Greek Orthodox Metropolitan and Theologian

Hierotheos Vlachos (Ιερόθεος Βλάχος; born Georgios Vlachos, Γεώργιος Βλάχος, 1945) is a Greek Orthodox metropolitan and theologian.

==Biography==
He was born in 1945 in Ioannina, Greece. He graduated from the Theological School of the University of Thessaloniki and was ordained priest in 1972 and bishop in 1995. His diocese is the Metropolis of Nafpaktos and Agios Vlasios.
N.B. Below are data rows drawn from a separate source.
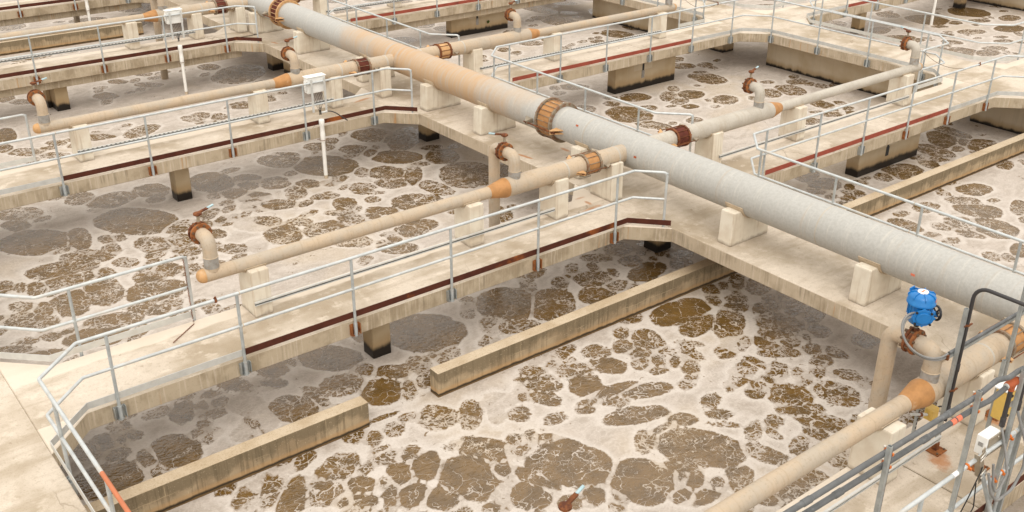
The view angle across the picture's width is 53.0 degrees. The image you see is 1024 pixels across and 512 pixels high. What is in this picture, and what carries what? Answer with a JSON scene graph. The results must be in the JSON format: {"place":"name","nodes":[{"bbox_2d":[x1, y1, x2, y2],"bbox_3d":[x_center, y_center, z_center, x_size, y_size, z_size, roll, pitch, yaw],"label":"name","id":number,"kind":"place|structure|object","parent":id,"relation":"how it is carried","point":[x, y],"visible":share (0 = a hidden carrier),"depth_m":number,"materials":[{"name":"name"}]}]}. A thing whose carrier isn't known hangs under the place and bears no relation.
{"place":"outdoors","nodes":[
{"label":"outdoors","id":0,"kind":"place"},
{"bbox_2d":[0,372,86,511],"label":"deck","id":1,"kind":"structure","parent":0,"point":[33,478],"depth_m":12.86,"materials":[{"name":"concrete"}]},
{"bbox_2d":[0,0,130,17],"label":"handrail","id":2,"kind":"object","parent":1,"relation":"attached to","point":[20,12],"visible":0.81,"depth_m":36.00,"materials":[{"name":"metal"}]},
{"bbox_2d":[0,5,261,167],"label":"handrail","id":3,"kind":"object","parent":1,"relation":"attached to","point":[104,67],"visible":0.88,"depth_m":29.50,"materials":[{"name":"metal"}]},
{"bbox_2d":[163,7,184,40],"bbox_3d":[-10.023,-6.873,30.553,0.530,0.918,0.324,-19,32,-34],"label":"control box","id":4,"kind":"object","parent":3,"relation":"attached to","point":[171,20],"visible":1,"depth_m":30.44,"materials":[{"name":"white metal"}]},
{"bbox_2d":[0,67,416,361],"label":"handrail","id":5,"kind":"object","parent":1,"relation":"attached to","point":[64,191],"visible":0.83,"depth_m":21.38,"materials":[{"name":"metal"}]},
{"bbox_2d":[173,259,193,342],"bbox_3d":[-5.073,0.689,15.718,0.095,1.088,0.725,3,26,7],"label":"chain","id":6,"kind":"object","parent":5,"relation":"hanging from","point":[189,302],"visible":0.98,"depth_m":15.99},
{"bbox_2d":[302,72,327,114],"bbox_3d":[-4.650,-3.841,24.419,0.530,0.918,0.324,-19,32,-34],"label":"control box","id":7,"kind":"object","parent":5,"relation":"attached to","point":[311,88],"visible":1,"depth_m":24.30,"materials":[{"name":"white metal"}]},
{"bbox_2d":[0,0,1023,511],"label":"water","id":8,"kind":"structure","parent":0,"point":[708,396],"depth_m":19.25,"materials":[{"name":"liquid"}]},
{"bbox_2d":[0,22,143,55],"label":"weir wall","id":9,"kind":"structure","parent":8,"relation":"in","point":[17,46],"depth_m":36.24,"materials":[{"name":"concrete"}]},
{"bbox_2d":[0,0,149,26],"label":"walkway","id":10,"kind":"structure","parent":8,"relation":"in","point":[8,17],"depth_m":36.70,"materials":[{"name":"concrete"}]},
{"bbox_2d":[0,27,263,110],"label":"walkway","id":11,"kind":"structure","parent":8,"relation":"in","point":[55,84],"depth_m":30.11,"materials":[{"name":"concrete"}]},
{"bbox_2d":[0,31,194,62],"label":"strut rail","id":12,"kind":"object","parent":11,"relation":"attached to","point":[85,48],"visible":0.93,"depth_m":30.21,"materials":[{"name":"metal"}]},
{"bbox_2d":[122,21,140,49],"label":"pipe support","id":13,"kind":"object","parent":11,"relation":"on","point":[130,30],"visible":0.73,"depth_m":30.88,"materials":[{"name":"white paint"}]},
{"bbox_2d":[0,0,247,79],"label":"branch pipe","id":14,"kind":"object","parent":13,"relation":"on","point":[158,7],"visible":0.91,"depth_m":31.21,"materials":[{"name":"metal"}]},
{"bbox_2d":[187,12,204,39],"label":"pipe support","id":15,"kind":"object","parent":11,"relation":"on","point":[194,21],"visible":0.79,"depth_m":32.02,"materials":[{"name":"white paint"}]},
{"bbox_2d":[178,45,187,94],"bbox_3d":[-9.943,-5.423,31.131,0.200,1.960,0.185,-19,32,-34],"label":"probe tube","id":16,"kind":"object","parent":8,"relation":"in","point":[181,57],"visible":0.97,"depth_m":30.94,"materials":[{"name":"white plastic"}]},
{"bbox_2d":[0,88,419,210],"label":"walkway","id":17,"kind":"structure","parent":8,"relation":"in","point":[177,167],"depth_m":23.50,"materials":[{"name":"concrete"}]},
{"bbox_2d":[68,122,93,161],"bbox_3d":[-9.487,-2.543,22.571,0.370,0.824,0.523,-19,32,-34],"label":"pipe support","id":18,"kind":"object","parent":17,"relation":"on","point":[80,139],"visible":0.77,"depth_m":22.39,"materials":[{"name":"white paint"}]},
{"bbox_2d":[78,98,333,152],"bbox_3d":[-6.969,-3.104,24.090,6.300,0.067,0.032,-19,32,-34],"label":"strut rail","id":19,"kind":"object","parent":17,"relation":"attached to","point":[184,129],"visible":0.71,"depth_m":23.84,"materials":[{"name":"metal"}]},
{"bbox_2d":[247,88,269,123],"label":"pipe support","id":20,"kind":"object","parent":17,"relation":"on","point":[257,103],"visible":0.77,"depth_m":24.75,"materials":[{"name":"white paint"}]},
{"bbox_2d":[27,36,393,133],"bbox_3d":[-6.687,-4.263,24.264,9.041,1.196,0.693,-19,32,-34],"label":"branch pipe","id":21,"kind":"object","parent":20,"relation":"on","point":[36,97],"visible":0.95,"depth_m":24.05,"materials":[{"name":"metal"}]},
{"bbox_2d":[322,75,343,108],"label":"pipe support","id":22,"kind":"object","parent":17,"relation":"on","point":[334,90],"visible":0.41,"depth_m":25.87,"materials":[{"name":"white paint"}]},
{"bbox_2d":[84,396,369,511],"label":"weir wall","id":23,"kind":"structure","parent":8,"relation":"in","point":[180,486],"depth_m":14.68,"materials":[{"name":"concrete"}]},
{"bbox_2d":[266,53,283,70],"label":"support pier","id":24,"kind":"structure","parent":8,"relation":"in","point":[274,63],"depth_m":33.71,"materials":[{"name":"concrete"}]},
{"bbox_2d":[283,61,301,73],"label":"support pier","id":25,"kind":"structure","parent":8,"relation":"in","point":[286,67],"depth_m":33.05,"materials":[{"name":"concrete"}]},
{"bbox_2d":[317,119,327,178],"bbox_3d":[-4.570,-2.390,24.997,0.200,1.960,0.185,-19,32,-34],"label":"probe tube","id":26,"kind":"object","parent":8,"relation":"in","point":[323,139],"visible":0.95,"depth_m":24.80,"materials":[{"name":"white plastic"}]},
{"bbox_2d":[0,185,671,466],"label":"walkway","id":27,"kind":"structure","parent":8,"relation":"in","point":[60,380],"depth_m":16.27,"materials":[{"name":"concrete"}]},
{"bbox_2d":[238,263,272,317],"bbox_3d":[-4.114,0.489,16.437,0.370,0.824,0.523,-19,32,-34],"label":"pipe support","id":28,"kind":"object","parent":27,"relation":"on","point":[250,277],"visible":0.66,"depth_m":16.27,"materials":[{"name":"white paint"}]},
{"bbox_2d":[254,208,554,306],"bbox_3d":[-1.620,-0.063,17.939,6.200,0.067,0.032,-19,32,-34],"label":"strut rail","id":29,"kind":"object","parent":28,"relation":"attached to","point":[355,272],"visible":1,"depth_m":17.68,"materials":[{"name":"metal"}]},
{"bbox_2d":[37,170,670,511],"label":"handrail","id":30,"kind":"object","parent":27,"relation":"attached to","point":[120,413],"visible":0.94,"depth_m":15.30,"materials":[{"name":"metal"}]},
{"bbox_2d":[454,199,483,246],"bbox_3d":[-0.787,-0.647,18.790,0.370,0.824,0.523,-19,32,-34],"label":"pipe support","id":31,"kind":"object","parent":27,"relation":"on","point":[470,211],"visible":0.69,"depth_m":18.64,"materials":[{"name":"white paint"}]},
{"bbox_2d":[188,132,626,282],"bbox_3d":[-1.419,-0.152,18.798,9.041,3.722,1.013,-19,32,-34],"label":"branch pipe","id":32,"kind":"object","parent":31,"relation":"on","point":[516,181],"visible":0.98,"depth_m":18.26,"materials":[{"name":"metal"}]},
{"bbox_2d":[539,177,568,219],"bbox_3d":[0.809,-1.182,19.924,0.370,0.802,0.543,-19,32,-34],"label":"pipe support","id":33,"kind":"object","parent":27,"relation":"on","point":[559,204],"visible":0.62,"depth_m":19.77,"materials":[{"name":"white paint"}]},
{"bbox_2d":[418,124,438,141],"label":"support pier","id":34,"kind":"structure","parent":8,"relation":"in","point":[426,134],"depth_m":27.64,"materials":[{"name":"concrete"}]},
{"bbox_2d":[331,0,565,37],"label":"walkway","id":35,"kind":"structure","parent":8,"relation":"in","point":[464,19],"depth_m":36.95,"materials":[{"name":"concrete"}]},
{"bbox_2d":[313,0,327,15],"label":"pipe support","id":36,"kind":"object","parent":35,"relation":"on","point":[319,6],"visible":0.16,"depth_m":34.47,"materials":[{"name":"white paint"}]},
{"bbox_2d":[326,0,406,12],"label":"strut rail","id":37,"kind":"object","parent":36,"relation":"attached to","point":[367,5],"visible":1,"depth_m":35.42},
{"bbox_2d":[430,259,736,397],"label":"weir wall","id":38,"kind":"structure","parent":8,"relation":"in","point":[459,372],"depth_m":18.13,"materials":[{"name":"concrete"}]},
{"bbox_2d":[483,18,768,93],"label":"walkway","id":39,"kind":"structure","parent":8,"relation":"in","point":[631,72],"depth_m":31.55,"materials":[{"name":"concrete"}]},
{"bbox_2d":[463,48,482,73],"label":"pipe support","id":40,"kind":"object","parent":39,"relation":"on","point":[473,59],"visible":0.61,"depth_m":28.32,"materials":[{"name":"white paint"}]},
{"bbox_2d":[480,30,661,69],"bbox_3d":[1.919,-6.137,30.375,7.100,0.067,0.032,-19,32,-34],"label":"strut rail","id":41,"kind":"object","parent":40,"relation":"attached to","point":[486,67],"visible":0.86,"depth_m":30.16,"materials":[{"name":"metal"}]},
{"bbox_2d":[327,0,704,64],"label":"handrail","id":42,"kind":"object","parent":39,"relation":"attached to","point":[478,7],"visible":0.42,"depth_m":34.27,"materials":[{"name":"metal"}]},
{"bbox_2d":[543,31,561,60],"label":"pipe support","id":43,"kind":"object","parent":39,"relation":"on","point":[551,44],"visible":0.73,"depth_m":29.98,"materials":[{"name":"white paint"}]},
{"bbox_2d":[417,0,676,58],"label":"branch pipe","id":44,"kind":"object","parent":43,"relation":"on","point":[446,50],"visible":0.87,"depth_m":29.00,"materials":[{"name":"beige metal"}]},
{"bbox_2d":[648,11,666,38],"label":"pipe support","id":45,"kind":"object","parent":39,"relation":"on","point":[659,22],"visible":0.75,"depth_m":32.40,"materials":[{"name":"white paint"}]},
{"bbox_2d":[491,0,948,151],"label":"handrail","id":46,"kind":"object","parent":39,"relation":"on","point":[920,77],"visible":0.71,"depth_m":29.69,"materials":[{"name":"metal"}]},
{"bbox_2d":[644,241,670,252],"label":"support pier","id":47,"kind":"structure","parent":8,"relation":"in","point":[656,246],"depth_m":21.58,"materials":[{"name":"concrete"}]},
{"bbox_2d":[592,0,733,52],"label":"tank wall","id":48,"kind":"structure","parent":8,"relation":"in","point":[601,8],"depth_m":39.09,"materials":[{"name":"concrete"}]},
{"bbox_2d":[766,43,933,97],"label":"tank wall","id":49,"kind":"structure","parent":8,"relation":"in","point":[834,71],"depth_m":32.89,"materials":[{"name":"concrete"}]},
{"bbox_2d":[745,0,966,33],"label":"walkway","id":50,"kind":"structure","parent":8,"relation":"in","point":[796,13],"depth_m":36.79,"materials":[{"name":"concrete"}]},
{"bbox_2d":[721,75,1023,183],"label":"walkway","id":51,"kind":"structure","parent":8,"relation":"in","point":[886,149],"depth_m":25.31,"materials":[{"name":"concrete"}]},
{"bbox_2d":[694,130,723,162],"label":"pipe support","id":52,"kind":"object","parent":51,"relation":"on","point":[710,146],"visible":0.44,"depth_m":22.19,"materials":[{"name":"white paint"}]},
{"bbox_2d":[719,95,909,157],"bbox_3d":[7.330,-3.118,24.268,7.200,0.067,0.032,-19,32,-34],"label":"strut rail","id":53,"kind":"object","parent":52,"relation":"attached to","point":[807,128],"visible":0.91,"depth_m":24.00,"materials":[{"name":"metal"}]},
{"bbox_2d":[778,104,807,141],"bbox_3d":[6.567,-3.157,23.990,0.370,0.824,0.523,-19,32,-34],"label":"pipe support","id":54,"kind":"object","parent":51,"relation":"on","point":[796,112],"visible":0.68,"depth_m":23.86,"materials":[{"name":"white paint"}]},
{"bbox_2d":[649,26,922,147],"bbox_3d":[6.572,-3.942,23.747,10.082,1.196,0.714,-20,33,-35],"label":"branch pipe","id":55,"kind":"object","parent":54,"relation":"on","point":[681,135],"visible":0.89,"depth_m":22.89,"materials":[{"name":"beige metal"}]},
{"bbox_2d":[750,55,1023,275],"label":"handrail","id":56,"kind":"object","parent":51,"relation":"on","point":[813,166],"visible":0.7,"depth_m":22.35,"materials":[{"name":"metal"}]},
{"bbox_2d":[886,72,914,106],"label":"pipe support","id":57,"kind":"object","parent":51,"relation":"on","point":[906,79],"visible":0.68,"depth_m":26.29,"materials":[{"name":"white paint"}]},
{"bbox_2d":[737,133,1023,272],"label":"weir wall","id":58,"kind":"structure","parent":8,"relation":"in","point":[910,189],"depth_m":24.66,"materials":[{"name":"concrete"}]},
{"bbox_2d":[776,377,1023,511],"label":"walkway","id":59,"kind":"structure","parent":8,"relation":"in","point":[919,475],"depth_m":12.77,"materials":[{"name":"concrete"}]},
{"bbox_2d":[847,407,906,484],"bbox_3d":[4.524,2.351,12.726,0.370,0.824,0.523,-19,32,-34],"label":"pipe support","id":60,"kind":"object","parent":59,"relation":"on","point":[874,443],"visible":0.48,"depth_m":12.60,"materials":[{"name":"white paint"}]},
{"bbox_2d":[558,315,1023,511],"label":"branch pipe","id":61,"kind":"object","parent":60,"relation":"on","point":[927,387],"visible":0.75,"depth_m":12.80,"materials":[{"name":"metal"}]},
{"bbox_2d":[906,286,941,326],"bbox_3d":[5.136,0.669,12.785,0.446,0.500,0.412,4,26,7],"label":"valve actuator","id":62,"kind":"object","parent":61,"relation":"attached to","point":[922,302],"visible":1,"depth_m":12.66,"materials":[{"name":"blue metal"}]},
{"bbox_2d":[903,316,945,360],"bbox_3d":[5.074,1.034,12.610,0.572,0.481,0.247,15,30,28],"label":"flexible lead","id":63,"kind":"object","parent":62,"relation":"attached to","point":[905,321],"visible":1,"depth_m":12.63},
{"bbox_2d":[901,312,948,359],"bbox_3d":[5.062,1.003,12.584,0.583,0.503,0.275,15,30,28],"label":"flexible lead","id":64,"kind":"object","parent":62,"relation":"attached to","point":[909,346],"visible":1,"depth_m":12.59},
{"bbox_2d":[873,444,893,511],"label":"strut post","id":65,"kind":"object","parent":59,"relation":"on","point":[883,477],"visible":1,"depth_m":9.91,"materials":[{"name":"metal"}]},
{"bbox_2d":[783,365,1023,511],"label":"conduit","id":66,"kind":"object","parent":65,"relation":"attached to","point":[817,494],"visible":0.88,"depth_m":9.99,"materials":[{"name":"metal"}]},
{"bbox_2d":[802,386,1007,511],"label":"conduit","id":67,"kind":"object","parent":65,"relation":"attached to","point":[844,489],"visible":0.81,"depth_m":10.08,"materials":[{"name":"metal"}]},
{"bbox_2d":[1003,376,1018,391],"bbox_3d":[5.515,1.423,11.335,0.272,0.162,0.104,-19,32,-34],"label":"conduit fitting","id":68,"kind":"object","parent":67,"relation":"attached to","point":[1012,384],"visible":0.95,"depth_m":11.28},
{"bbox_2d":[999,391,1012,427],"bbox_3d":[5.530,1.697,11.483,0.062,0.500,0.064,-19,32,-34],"label":"conduit","id":69,"kind":"object","parent":68,"relation":"attached to","point":[1003,419],"visible":0.95,"depth_m":11.48,"materials":[{"name":"metal"}]},
{"bbox_2d":[991,427,1008,492],"bbox_3d":[5.503,2.313,11.536,0.195,0.666,0.445,13,29,25],"label":"conduit","id":70,"kind":"object","parent":69,"relation":"hanging from","point":[1006,467],"visible":1,"depth_m":11.58,"materials":[{"name":"plastic"}]},
{"bbox_2d":[911,409,919,439],"bbox_3d":[5.269,2.167,13.403,0.035,0.556,0.038,-19,32,-34],"label":"slotted post","id":71,"kind":"object","parent":59,"relation":"on","point":[915,421],"visible":0.62,"depth_m":13.39,"materials":[{"name":"metal"}]},
{"bbox_2d":[910,404,941,420],"bbox_3d":[5.431,2.100,13.404,0.629,0.291,0.133,-15,30,-29],"label":"junction box","id":72,"kind":"object","parent":71,"relation":"attached to","point":[931,412],"visible":0.75,"depth_m":13.35,"materials":[{"name":"yellow plastic"}]},
{"bbox_2d":[925,307,969,456],"bbox_3d":[5.491,1.575,12.863,0.220,2.096,0.220,-19,32,-34],"label":"strut post","id":73,"kind":"object","parent":59,"relation":"on","point":[936,449],"visible":0.77,"depth_m":12.82,"materials":[{"name":"metal"}]},
{"bbox_2d":[823,435,941,511],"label":"strut rail","id":74,"kind":"object","parent":73,"relation":"attached to","point":[873,481],"visible":1,"depth_m":12.37,"materials":[{"name":"metal"}]},
{"bbox_2d":[944,288,1023,421],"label":"conduit","id":75,"kind":"object","parent":73,"relation":"attached to","point":[990,291],"visible":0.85,"depth_m":12.45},
{"bbox_2d":[945,308,1023,360],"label":"strut channel","id":76,"kind":"object","parent":73,"relation":"attached to","point":[989,331],"visible":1,"depth_m":13.12,"materials":[{"name":"metal"}]},
{"bbox_2d":[898,427,1023,511],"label":"handrail","id":77,"kind":"object","parent":59,"relation":"attached to","point":[919,500],"visible":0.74,"depth_m":11.54,"materials":[{"name":"metal"}]},
{"bbox_2d":[960,425,1005,511],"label":"transmitter box","id":78,"kind":"object","parent":77,"relation":"attached to","point":[989,436],"visible":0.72,"depth_m":11.55,"materials":[{"name":"white plastic"}]},
{"bbox_2d":[974,447,992,511],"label":"probe bracket","id":79,"kind":"object","parent":77,"relation":"attached to","point":[978,464],"visible":1,"depth_m":11.46,"materials":[{"name":"silver metal"}]},
{"bbox_2d":[996,407,1023,511],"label":"strut post","id":80,"kind":"object","parent":77,"relation":"attached to","point":[1010,465],"visible":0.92,"depth_m":12.02,"materials":[{"name":"metal"}]},
{"bbox_2d":[987,411,1023,501],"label":"conduit","id":81,"kind":"object","parent":80,"relation":"attached to","point":[1006,493],"visible":0.99,"depth_m":11.72,"materials":[{"name":"metal"}]},
{"bbox_2d":[948,389,982,511],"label":"strut post","id":82,"kind":"object","parent":59,"relation":"on","point":[967,442],"visible":1,"depth_m":10.98,"materials":[{"name":"metal"}]},
{"bbox_2d":[937,367,994,425],"bbox_3d":[6.120,1.815,13.860,0.370,0.802,0.543,-19,32,-34],"label":"pipe support","id":83,"kind":"object","parent":59,"relation":"on","point":[963,392],"visible":0.32,"depth_m":13.70,"materials":[{"name":"white paint"}]},
{"bbox_2d":[971,359,1006,470],"bbox_3d":[5.894,1.964,12.643,0.220,1.596,0.220,-19,32,-34],"label":"strut post","id":84,"kind":"object","parent":59,"relation":"on","point":[1000,374],"visible":0.3,"depth_m":12.58,"materials":[{"name":"metal"}]},
{"bbox_2d":[990,381,1016,420],"bbox_3d":[5.968,1.755,12.437,0.280,0.440,0.195,-19,32,-34],"label":"yellow box","id":85,"kind":"object","parent":84,"relation":"attached to","point":[997,407],"visible":0.35,"depth_m":12.38,"materials":[{"name":"plastic"}]},
{"bbox_2d":[984,369,1023,511],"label":"strut post","id":86,"kind":"object","parent":59,"relation":"on","point":[1014,407],"visible":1,"depth_m":11.57,"materials":[{"name":"metal"}]},
{"bbox_2d":[985,287,1023,420],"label":"strut post","id":87,"kind":"object","parent":59,"relation":"on","point":[1014,333],"visible":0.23,"depth_m":13.48,"materials":[{"name":"metal"}]},
{"bbox_2d":[991,351,1023,376],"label":"pipe support","id":88,"kind":"object","parent":59,"relation":"on","point":[1017,362],"visible":0.06,"depth_m":14.61,"materials":[{"name":"concrete"}]},
{"bbox_2d":[930,0,936,24],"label":"probe tube","id":89,"kind":"object","parent":8,"relation":"in","point":[933,12],"visible":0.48,"depth_m":39.63,"materials":[{"name":"white plastic"}]},
{"bbox_2d":[967,0,1023,10],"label":"tank wall","id":90,"kind":"structure","parent":8,"relation":"in","point":[1015,4],"depth_m":42.56,"materials":[{"name":"concrete"}]},
{"bbox_2d":[970,108,1023,133],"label":"tank wall","id":91,"kind":"structure","parent":8,"relation":"in","point":[1009,119],"depth_m":28.62,"materials":[{"name":"concrete"}]},
{"bbox_2d":[975,58,1023,73],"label":"walkway","id":92,"kind":"structure","parent":8,"relation":"in","point":[1016,66],"depth_m":29.88,"materials":[{"name":"concrete"}]},
{"bbox_2d":[164,0,998,361],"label":"deck","id":93,"kind":"structure","parent":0,"point":[800,270],"depth_m":19.30,"materials":[{"name":"concrete"}]},
{"bbox_2d":[229,7,246,32],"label":"pipe support","id":94,"kind":"object","parent":93,"relation":"on","point":[237,15],"visible":0.7,"depth_m":32.84,"materials":[{"name":"white paint"}]},
{"bbox_2d":[248,9,283,33],"bbox_3d":[-7.911,-7.585,32.968,1.058,0.746,0.410,-19,32,-34],"label":"pipe saddle","id":95,"kind":"object","parent":93,"relation":"on","point":[265,25],"visible":0.45,"depth_m":32.79,"materials":[{"name":"white paint"}]},
{"bbox_2d":[293,27,329,54],"bbox_3d":[-6.028,-6.522,30.818,1.058,0.746,0.410,-19,32,-34],"label":"pipe saddle","id":96,"kind":"object","parent":93,"relation":"on","point":[304,43],"visible":0.55,"depth_m":30.62,"materials":[{"name":"white paint"}]},
{"bbox_2d":[356,52,394,82],"bbox_3d":[-3.761,-5.243,28.230,1.058,0.746,0.410,-19,32,-34],"label":"pipe saddle","id":97,"kind":"object","parent":93,"relation":"on","point":[363,78],"visible":0.18,"depth_m":28.01,"materials":[{"name":"white paint"}]},
{"bbox_2d":[369,66,391,97],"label":"pipe support","id":98,"kind":"object","parent":93,"relation":"on","point":[382,79],"visible":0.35,"depth_m":26.70,"materials":[{"name":"white paint"}]},
{"bbox_2d":[420,79,460,111],"bbox_3d":[-1.816,-4.145,26.009,1.058,0.746,0.410,-19,32,-34],"label":"pipe saddle","id":99,"kind":"object","parent":93,"relation":"on","point":[432,97],"visible":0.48,"depth_m":25.80,"materials":[{"name":"white paint"}]},
{"bbox_2d":[473,101,515,135],"bbox_3d":[-0.414,-3.354,24.408,1.058,0.746,0.410,-19,32,-34],"label":"pipe saddle","id":100,"kind":"object","parent":93,"relation":"on","point":[486,120],"visible":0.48,"depth_m":24.20,"materials":[{"name":"white paint"}]},
{"bbox_2d":[571,140,590,178],"bbox_3d":[1.735,-2.141,21.955,1.058,0.746,0.410,-19,32,-34],"label":"pipe saddle","id":101,"kind":"object","parent":93,"relation":"on","point":[578,147],"visible":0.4,"depth_m":21.60,"materials":[{"name":"white paint"}]},
{"bbox_2d":[245,0,1023,320],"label":"pipe","id":102,"kind":"object","parent":101,"relation":"on","point":[935,268],"visible":0.95,"depth_m":19.11,"materials":[{"name":"metal"}]},
{"bbox_2d":[590,161,623,201],"bbox_3d":[1.917,-1.582,20.753,0.370,0.802,0.641,-19,32,-34],"label":"pipe support","id":103,"kind":"object","parent":93,"relation":"on","point":[605,190],"visible":0.57,"depth_m":20.60,"materials":[{"name":"white paint"}]},
{"bbox_2d":[718,201,767,246],"bbox_3d":[4.310,-0.688,19.015,1.058,0.746,0.410,-19,32,-34],"label":"pipe saddle","id":104,"kind":"object","parent":93,"relation":"on","point":[737,225],"visible":0.61,"depth_m":18.78,"materials":[{"name":"white paint"}]},
{"bbox_2d":[849,256,901,305],"bbox_3d":[6.070,0.306,17.005,1.058,0.746,0.410,-19,32,-34],"label":"pipe saddle","id":105,"kind":"object","parent":93,"relation":"on","point":[871,282],"visible":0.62,"depth_m":16.76,"materials":[{"name":"white paint"}]},
{"bbox_2d":[603,0,1023,96],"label":"deck","id":106,"kind":"structure","parent":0,"point":[978,74],"depth_m":31.97,"materials":[{"name":"concrete"}]},
{"bbox_2d":[706,0,807,7],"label":"handrail","id":107,"kind":"object","parent":106,"relation":"attached to","point":[760,6],"visible":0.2,"depth_m":36.43,"materials":[{"name":"metal"}]},
{"bbox_2d":[806,0,1023,61],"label":"handrail","id":108,"kind":"object","parent":106,"relation":"attached to","point":[812,21],"visible":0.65,"depth_m":31.74,"materials":[{"name":"metal"}]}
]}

His book The Person in the Orthodox Tradition was awarded the first prize for the "top theological work written in Greece in 1991–96" by the Academy of Athens.

==Bibliography==
- Vlachos, Hierotheos (2015). "I Know a Man in Christ: Elder Sophrony the Hesychast and Theologian"
- Vlachos, Hierotheos (2007). "Hesychia and Theology: The Context for Man's Healing in the Orthodox Church"
- Vlachos, Hierotheos (1999). "The Person in the Orthodox Tradition"
- Vlachos, Hierotheos (1996). "Life After Death"
- Vlachos, Hierotheos (1994). "Orthodox Spirituality: A Brief Introduction"
- Vlachos, Hierotheos (1994). "Orthodox Psychotherapy: The Science of the Fathers"
- Vlachos, Hierotheos (1993). "The Illness and Cure of the Soul in the Orthodox Tradition"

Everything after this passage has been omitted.